# Activity
All of the entries should be restated word for word, but without their pictures.

###

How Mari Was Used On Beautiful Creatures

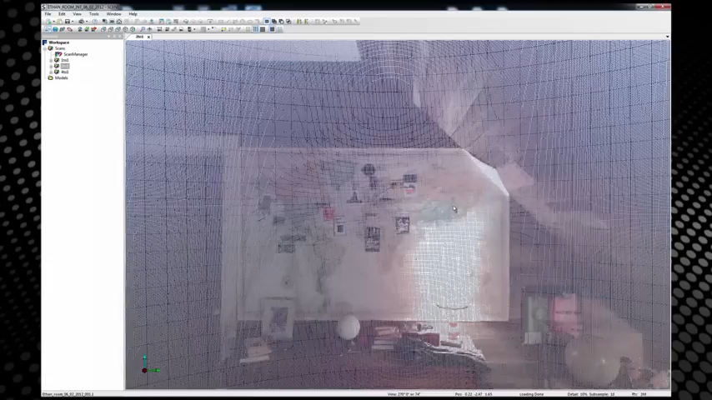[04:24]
So, you take multiple scans and you marry them together and you get perfect accuracy lining them all up.
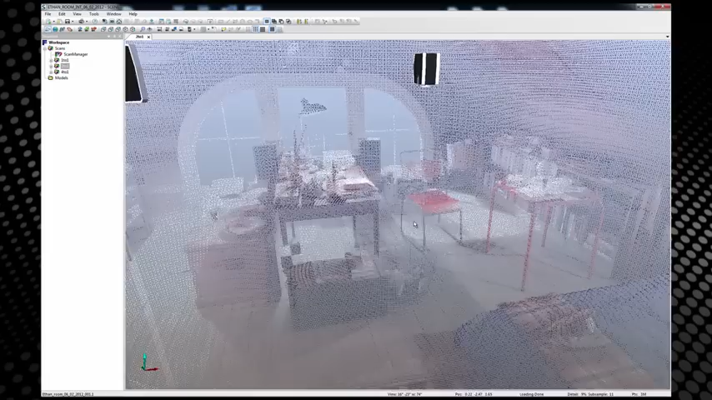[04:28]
The Faro is one of the only scanners that has a sphere tracking system.
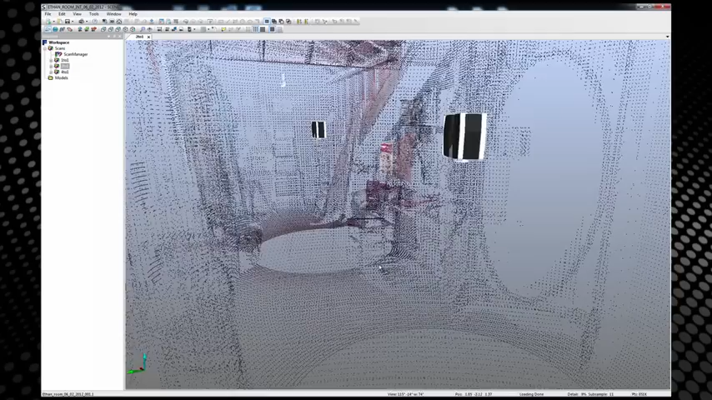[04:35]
So, you can grab a point from any of the spheres and get them completely lined up in space. So, this is one of the sets from the film.
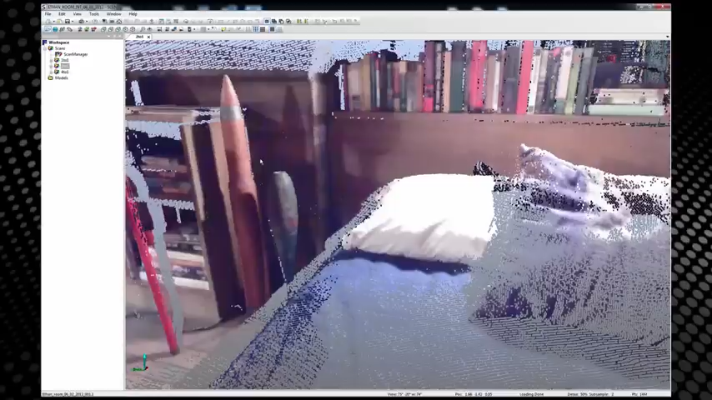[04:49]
So, having the option to rebuild anything from the film in 3D is great.
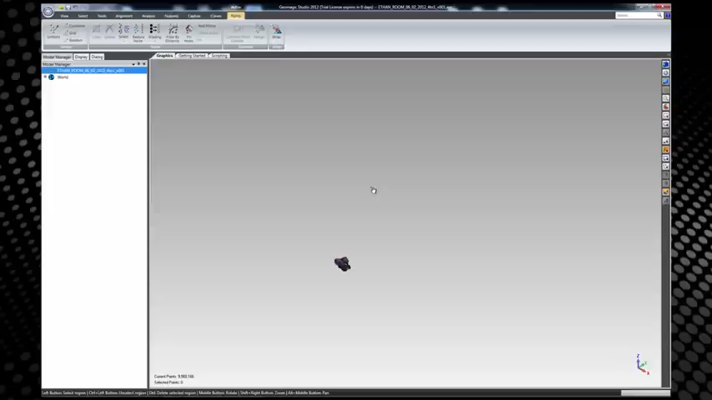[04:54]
So, once I export the actual scan data, I bring it into GeoMagic. And what GeoMagic does is it does a few things. You can modify the point cloud, but you can also reduce it.
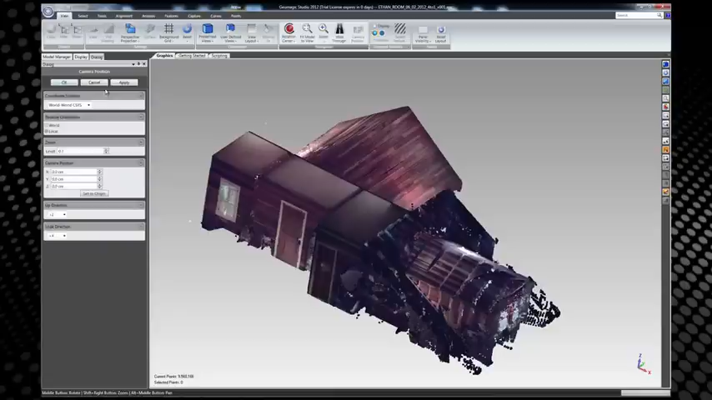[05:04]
GeoMagic has a really cool noise function where you can interactively adjust and separate the point clouds,
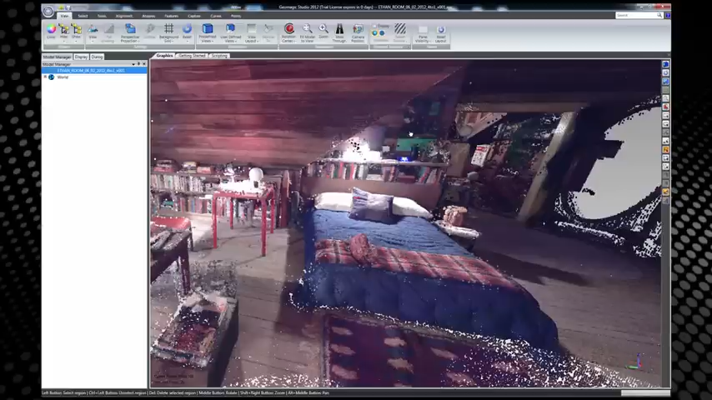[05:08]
remove the noise, and then mesh the geometry.
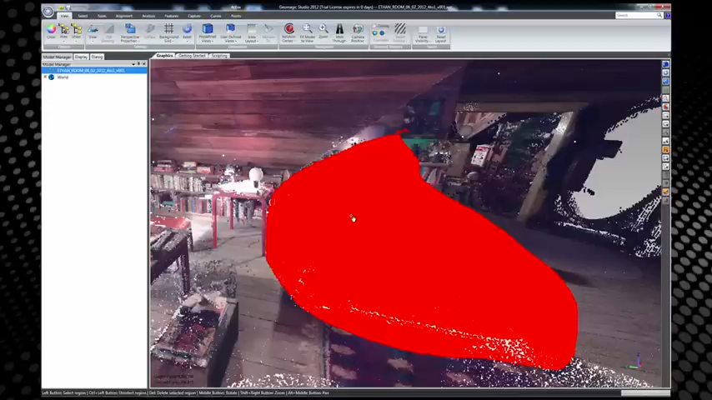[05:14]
So, it was really great.
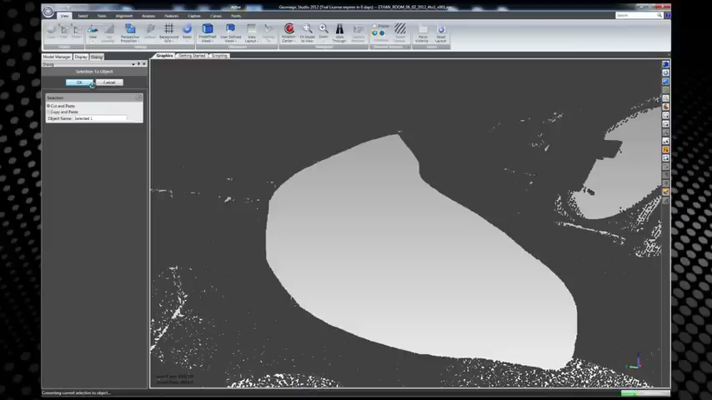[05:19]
I tried a bunch of programs and found GeoMagic to be the best to actually handle these sort of operations,
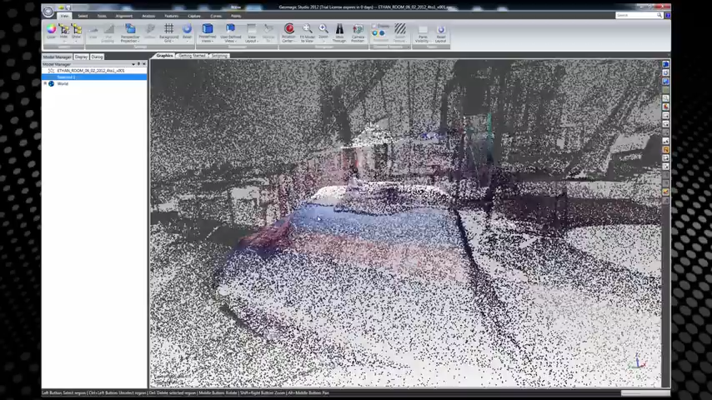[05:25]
which do not exist that well in other programs. So, you can see right here, we're just interactively adjusting and the blue little dots, the noise that we want to remove.
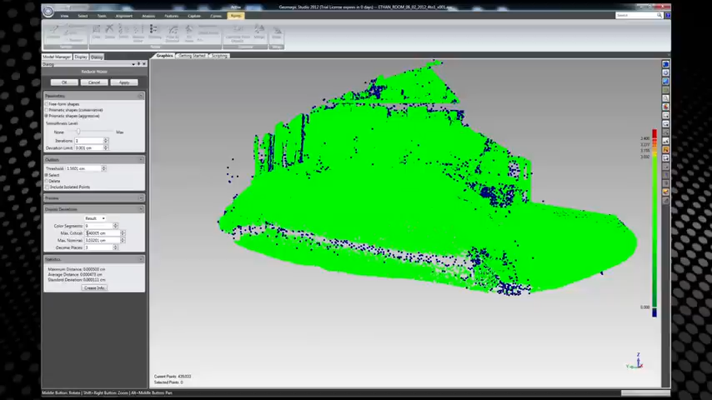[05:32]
And so, with a click of the button, you see most of them are all now gone, so it's cleaned up.
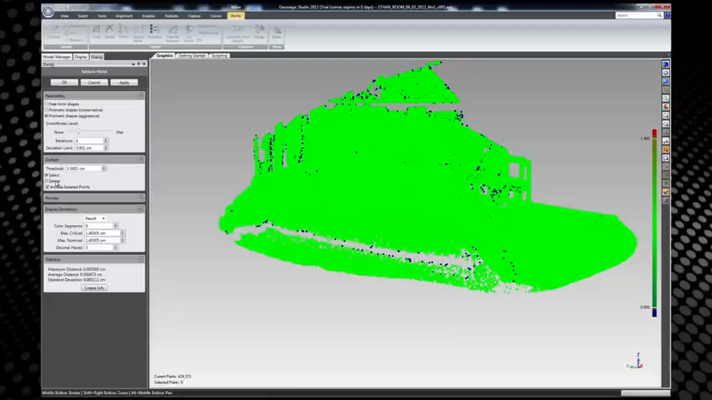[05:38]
And then, here we have the meshing of the geometry.
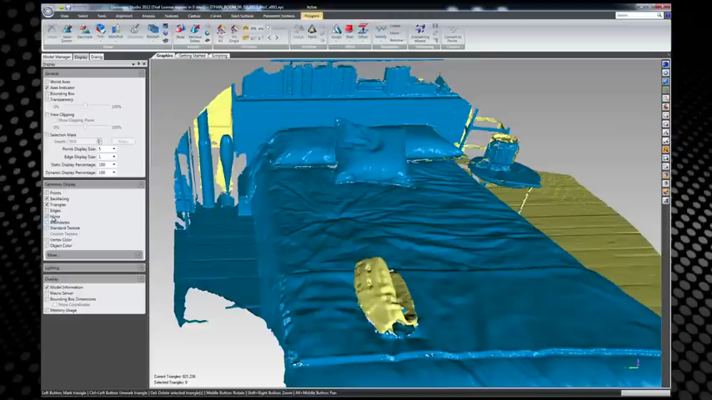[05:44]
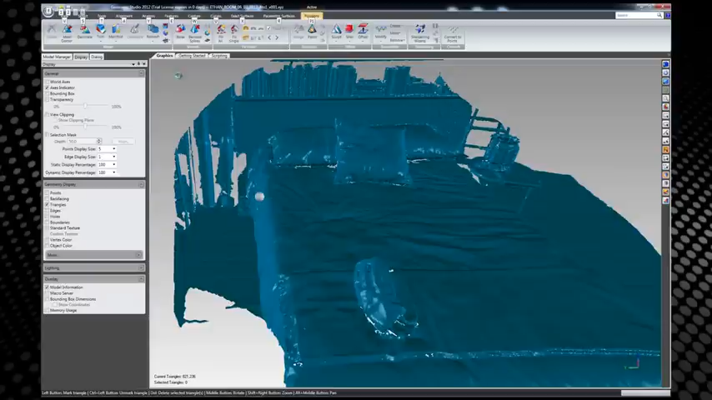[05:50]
So, you can take this mesh that's been triangulated and you can bring it inside of Maya, Max, any program you have and start to use this as your basis for building the scan data. Really, really cool.

###

# Written answer
How Mari Was Used On Beautiful Creatures

[04:24]
So, you take multiple scans and you marry them together and you get perfect accuracy lining them all up.
[04:28]
The Faro is one of the only scanners that has a sphere tracking system.
[04:35]
So, you can grab a point from any of the spheres and get them completely lined up in space. So, this is one of the sets from the film.
[04:49]
So, having the option to rebuild anything from the film in 3D is great.
[04:54]
So, once I export the actual scan data, I bring it into GeoMagic. And what GeoMagic does is it does a few things. You can modify the point cloud, but you can also reduce it.
[05:04]
GeoMagic has a really cool noise function where you can interactively adjust and separate the point clouds,
[05:08]
remove the noise, and then mesh the geometry.
[05:14]
So, it was really great.
[05:19]
I tried a bunch of programs and found GeoMagic to be the best to actually handle these sort of operations,
[05:25]
which do not exist that well in other programs. So, you can see right here, we're just interactively adjusting and the blue little dots, the noise that we want to remove.
[05:32]
And so, with a click of the button, you see most of them are all now gone, so it's cleaned up.
[05:38]
And then, here we have the meshing of the geometry.
[05:44]
[05:50]
So, you can take this mesh that's been triangulated and you can bring it inside of Maya, Max, any program you have and start to use this as your basis for building the scan data. Really, really cool.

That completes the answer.